**ASSIGNED TASK**.
Where does the string "normal" occur in the records? Copy each line that holds it.
#### TASK MATERIAL
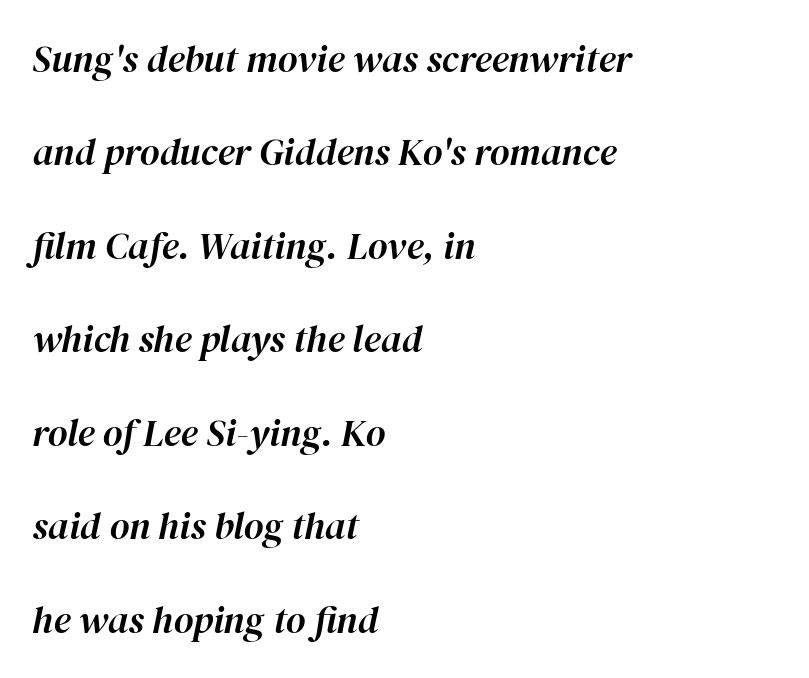
Q: Is the text italic (slanted)? A: Yes, it leans right by about 12 degrees.
Q: Is the text underlined? A: No.
Q: How is the paragraph aligned? A: Left-aligned.
Q: Is the spacing between letters normal or unusually wide? A: Normal.
Q: Is the spacing between lines tight, normal or loose? A: Loose.
Q: Width (condensed, normal, or wide)? A: Normal.
Q: Stroke contrast? A: High.
Q: x-height? A: Medium.
Q: Monospaced? A: No.
########
**EXERCISE RESPONSE**.
Q: Is the spacing between letters normal or unusually wide? A: Normal.
Q: Is the spacing between lines tight, normal or loose? A: Loose.
Q: Width (condensed, normal, or wide)? A: Normal.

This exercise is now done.